Sumo Oracle trains two independent classifiers on the same history dataset and compares their outputs. Both treat the problem as binary classification: predict whether wrestler 1 (left) or wrestler 2 (right) wins.
Comparison at a glance
| Property | GLM (Binomial) | Neural Network |
|---|
| Package | stats (base R) | neuralnet |
| Algorithm | Logistic regression | Feedforward neural network |
| Hidden layers | None | 1 layer (pred_sumo.R) or 2 (sumo.Rmd) |
| Output type | Log-odds score | Probability [0, 1] |
| “Left wins” rule | bin.ans > 0 | nn.ans >= 0.5 |
| Accuracy | ~70% | Lower than GLM |
| Interpretability | High (coefficients) | Low (black box) |
| Training speed | Fast | Slower |
GLM — Binomial logistic regression
The GLM is fit with glm() using family = 'binomial', which applies a logit link and models the log-odds of wrestler 1 winning. All eight feature columns are included via the formula shorthand result ~ ..
bin <- glm(result ~ ., history, family = 'binomial')
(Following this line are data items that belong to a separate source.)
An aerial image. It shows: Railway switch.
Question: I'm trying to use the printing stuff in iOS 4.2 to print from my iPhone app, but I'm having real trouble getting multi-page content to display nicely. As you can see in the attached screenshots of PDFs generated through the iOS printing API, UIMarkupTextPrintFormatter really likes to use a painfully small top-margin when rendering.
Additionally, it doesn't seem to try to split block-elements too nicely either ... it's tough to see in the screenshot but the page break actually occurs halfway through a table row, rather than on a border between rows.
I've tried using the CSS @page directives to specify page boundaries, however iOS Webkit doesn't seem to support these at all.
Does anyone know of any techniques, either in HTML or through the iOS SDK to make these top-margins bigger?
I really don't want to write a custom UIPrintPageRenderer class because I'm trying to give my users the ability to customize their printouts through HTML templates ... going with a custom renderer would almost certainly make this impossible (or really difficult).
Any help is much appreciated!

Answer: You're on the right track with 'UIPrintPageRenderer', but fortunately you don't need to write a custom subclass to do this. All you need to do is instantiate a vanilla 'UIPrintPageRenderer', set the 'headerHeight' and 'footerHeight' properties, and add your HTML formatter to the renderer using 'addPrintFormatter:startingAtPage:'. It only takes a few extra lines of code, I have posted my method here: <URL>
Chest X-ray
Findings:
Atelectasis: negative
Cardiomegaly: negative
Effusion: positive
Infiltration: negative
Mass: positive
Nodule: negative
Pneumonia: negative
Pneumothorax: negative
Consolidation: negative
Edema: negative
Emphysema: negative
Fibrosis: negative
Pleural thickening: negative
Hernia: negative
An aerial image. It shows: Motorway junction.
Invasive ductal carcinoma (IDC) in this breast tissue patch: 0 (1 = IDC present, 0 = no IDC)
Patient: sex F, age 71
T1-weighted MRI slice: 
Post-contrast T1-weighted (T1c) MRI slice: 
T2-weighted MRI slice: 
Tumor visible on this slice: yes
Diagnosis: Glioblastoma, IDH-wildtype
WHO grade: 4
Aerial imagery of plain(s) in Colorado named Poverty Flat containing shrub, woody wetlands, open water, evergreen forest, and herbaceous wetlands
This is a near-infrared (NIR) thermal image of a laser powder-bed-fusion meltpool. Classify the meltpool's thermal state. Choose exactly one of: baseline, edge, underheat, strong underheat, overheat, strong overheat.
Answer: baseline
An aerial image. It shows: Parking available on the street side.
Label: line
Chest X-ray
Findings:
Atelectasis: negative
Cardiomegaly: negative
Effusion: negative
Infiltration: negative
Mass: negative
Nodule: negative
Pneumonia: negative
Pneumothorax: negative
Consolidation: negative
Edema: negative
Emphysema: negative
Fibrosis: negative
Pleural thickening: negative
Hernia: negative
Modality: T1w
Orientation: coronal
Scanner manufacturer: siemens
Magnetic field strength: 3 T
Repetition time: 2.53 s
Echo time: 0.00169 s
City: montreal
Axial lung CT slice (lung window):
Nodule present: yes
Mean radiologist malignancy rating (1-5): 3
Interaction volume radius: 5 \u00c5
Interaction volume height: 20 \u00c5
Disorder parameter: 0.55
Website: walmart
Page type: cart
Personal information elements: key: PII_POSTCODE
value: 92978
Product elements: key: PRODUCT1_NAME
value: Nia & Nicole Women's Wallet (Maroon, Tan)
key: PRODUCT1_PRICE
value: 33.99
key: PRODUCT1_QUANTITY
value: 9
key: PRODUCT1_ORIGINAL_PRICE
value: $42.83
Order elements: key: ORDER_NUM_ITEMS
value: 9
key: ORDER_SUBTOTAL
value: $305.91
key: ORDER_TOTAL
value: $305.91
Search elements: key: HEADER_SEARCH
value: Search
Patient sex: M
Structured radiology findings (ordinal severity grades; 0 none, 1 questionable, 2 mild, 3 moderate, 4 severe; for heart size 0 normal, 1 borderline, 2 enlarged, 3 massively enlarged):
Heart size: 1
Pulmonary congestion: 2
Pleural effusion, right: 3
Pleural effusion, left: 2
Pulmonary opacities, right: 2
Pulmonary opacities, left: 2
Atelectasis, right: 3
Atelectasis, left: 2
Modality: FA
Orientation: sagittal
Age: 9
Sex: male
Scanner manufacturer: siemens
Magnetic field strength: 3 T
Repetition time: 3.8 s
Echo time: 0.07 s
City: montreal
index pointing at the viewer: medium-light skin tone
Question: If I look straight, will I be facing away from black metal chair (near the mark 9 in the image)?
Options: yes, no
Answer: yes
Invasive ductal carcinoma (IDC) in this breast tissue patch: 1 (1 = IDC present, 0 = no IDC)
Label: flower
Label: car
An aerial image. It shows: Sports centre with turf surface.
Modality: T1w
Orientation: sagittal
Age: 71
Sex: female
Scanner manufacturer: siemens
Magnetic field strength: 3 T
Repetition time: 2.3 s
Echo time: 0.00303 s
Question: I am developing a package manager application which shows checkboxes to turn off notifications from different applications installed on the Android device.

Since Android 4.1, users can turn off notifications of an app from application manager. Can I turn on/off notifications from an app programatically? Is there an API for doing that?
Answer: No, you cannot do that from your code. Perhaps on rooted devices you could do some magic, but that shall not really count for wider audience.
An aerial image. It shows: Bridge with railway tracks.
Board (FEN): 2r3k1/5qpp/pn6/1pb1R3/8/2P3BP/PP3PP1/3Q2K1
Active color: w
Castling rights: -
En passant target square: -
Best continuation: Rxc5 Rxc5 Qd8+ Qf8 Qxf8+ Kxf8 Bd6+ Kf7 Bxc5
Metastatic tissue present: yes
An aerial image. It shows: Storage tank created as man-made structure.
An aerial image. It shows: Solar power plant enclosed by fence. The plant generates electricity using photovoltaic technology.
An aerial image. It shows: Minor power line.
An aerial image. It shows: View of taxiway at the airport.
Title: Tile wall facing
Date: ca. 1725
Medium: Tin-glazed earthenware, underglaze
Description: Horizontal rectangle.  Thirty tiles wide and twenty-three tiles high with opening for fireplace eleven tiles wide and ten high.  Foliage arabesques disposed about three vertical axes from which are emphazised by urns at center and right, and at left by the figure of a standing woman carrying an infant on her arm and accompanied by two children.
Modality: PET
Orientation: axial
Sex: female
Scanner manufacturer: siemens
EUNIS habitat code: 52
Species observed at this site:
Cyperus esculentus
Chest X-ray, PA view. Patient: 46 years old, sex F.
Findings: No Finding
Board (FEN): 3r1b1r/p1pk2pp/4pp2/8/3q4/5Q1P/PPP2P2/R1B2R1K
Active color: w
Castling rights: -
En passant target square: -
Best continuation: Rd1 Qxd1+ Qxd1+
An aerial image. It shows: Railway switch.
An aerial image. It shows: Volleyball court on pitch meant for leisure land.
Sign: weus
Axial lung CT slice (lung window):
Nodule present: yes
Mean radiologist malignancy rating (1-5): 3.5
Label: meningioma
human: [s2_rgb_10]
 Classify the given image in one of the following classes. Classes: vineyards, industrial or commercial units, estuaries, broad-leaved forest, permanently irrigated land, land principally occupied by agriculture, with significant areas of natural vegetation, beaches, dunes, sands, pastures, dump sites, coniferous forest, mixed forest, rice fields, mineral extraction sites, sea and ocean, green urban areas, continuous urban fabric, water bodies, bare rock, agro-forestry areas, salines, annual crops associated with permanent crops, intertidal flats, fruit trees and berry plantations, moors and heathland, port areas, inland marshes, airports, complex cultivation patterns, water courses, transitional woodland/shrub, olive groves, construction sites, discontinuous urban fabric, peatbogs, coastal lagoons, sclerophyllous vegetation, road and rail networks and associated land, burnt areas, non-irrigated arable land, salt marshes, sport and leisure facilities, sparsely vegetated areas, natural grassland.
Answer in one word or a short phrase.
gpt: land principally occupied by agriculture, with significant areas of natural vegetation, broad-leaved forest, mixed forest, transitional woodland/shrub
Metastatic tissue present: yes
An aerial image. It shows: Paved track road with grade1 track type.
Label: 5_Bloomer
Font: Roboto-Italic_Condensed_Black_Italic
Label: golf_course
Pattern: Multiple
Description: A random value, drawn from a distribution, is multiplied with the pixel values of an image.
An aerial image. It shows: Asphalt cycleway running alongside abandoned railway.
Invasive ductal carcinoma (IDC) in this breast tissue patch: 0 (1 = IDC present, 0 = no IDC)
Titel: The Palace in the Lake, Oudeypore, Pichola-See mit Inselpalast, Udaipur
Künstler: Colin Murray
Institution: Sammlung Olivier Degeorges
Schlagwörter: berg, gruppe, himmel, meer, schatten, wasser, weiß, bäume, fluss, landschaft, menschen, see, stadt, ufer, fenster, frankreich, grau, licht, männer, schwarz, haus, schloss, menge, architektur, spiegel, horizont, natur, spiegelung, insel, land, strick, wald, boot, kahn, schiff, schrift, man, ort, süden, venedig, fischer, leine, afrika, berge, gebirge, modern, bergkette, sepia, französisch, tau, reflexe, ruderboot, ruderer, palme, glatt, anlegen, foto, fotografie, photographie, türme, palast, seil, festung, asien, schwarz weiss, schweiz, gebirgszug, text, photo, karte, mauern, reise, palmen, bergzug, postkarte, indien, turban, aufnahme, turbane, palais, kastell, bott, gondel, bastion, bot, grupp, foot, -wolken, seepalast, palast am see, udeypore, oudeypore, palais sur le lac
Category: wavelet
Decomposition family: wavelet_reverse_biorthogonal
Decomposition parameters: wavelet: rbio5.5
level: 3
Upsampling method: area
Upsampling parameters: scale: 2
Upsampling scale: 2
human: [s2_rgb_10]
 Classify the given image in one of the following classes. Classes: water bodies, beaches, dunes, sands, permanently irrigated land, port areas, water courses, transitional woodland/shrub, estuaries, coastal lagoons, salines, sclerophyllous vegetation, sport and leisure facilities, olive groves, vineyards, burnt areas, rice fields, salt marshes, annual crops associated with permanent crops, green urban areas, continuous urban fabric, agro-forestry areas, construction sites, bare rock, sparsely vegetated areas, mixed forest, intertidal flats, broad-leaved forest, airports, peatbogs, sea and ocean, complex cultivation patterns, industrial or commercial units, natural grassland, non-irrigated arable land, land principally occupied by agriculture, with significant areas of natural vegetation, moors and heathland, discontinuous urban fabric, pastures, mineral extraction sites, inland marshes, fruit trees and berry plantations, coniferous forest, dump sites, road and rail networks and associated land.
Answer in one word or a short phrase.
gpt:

bin.ans <- predict.glm(bin, undecided)
if (bin.ans > 0) {
print('GLM says left.')
} else {print('GLM says right.')}
predict.glm() returns the log-odds of wrestler 1 winning (the linear predictor on the link scale, not a probability):
- Positive score → log-odds favour wrestler 1 → predict left wins.
- Negative score → log-odds favour wrestler 2 → predict right wins.
- Zero is the decision boundary; the further the value from zero, the more confident the model.
The GLM achieves around 70% accuracy on held-out data — higher than the neural network. For a lightweight, interpretable baseline it is the recommended choice.
Neural network
The neural network is built with the neuralnet package. Two configurations appear across the source files:
nn <- neuralnet(result ~ ., history, hidden = 8)
One hidden layer with 8 nodes.nn <- neuralnet(result ~ ., normalize(tr), hidden = c(4, 2),
linear.output = FALSE, act.fct = 'logistic')
Two hidden layers: 4 nodes then 2 nodes. Used during evaluation with a normalised training split.
Key options used in sumo.Rmd:
| Option | Value | Effect |
|---|
hidden | c(4, 2) | Two hidden layers with 4 and 2 nodes respectively |
linear.output | FALSE | Applies the activation function to the output node too, giving a [0,1] probability |
act.fct | 'logistic' | Logistic (sigmoid) activation for all hidden and output nodes |
Prediction
nn.ans <- predict(nn, undecided)
if (nn.ans >= 0.5) {
print('NN says left.')
} else {print('NN says right.')}
Because linear.output = FALSE with a logistic activation is used, predict() returns a value in [0, 1] that can be read directly as the probability that wrestler 1 wins:
- >= 0.5 → wrestler 1 favoured → left wins.
- < 0.5 → wrestler 2 favoured → right wins.
In pred_sumo.R the hidden = 8 model does not set linear.output = FALSE, so the output may not be bounded to [0, 1]. The threshold rule nn.ans >= 0.5 still applies, but interpret the raw score with care if it falls outside that range.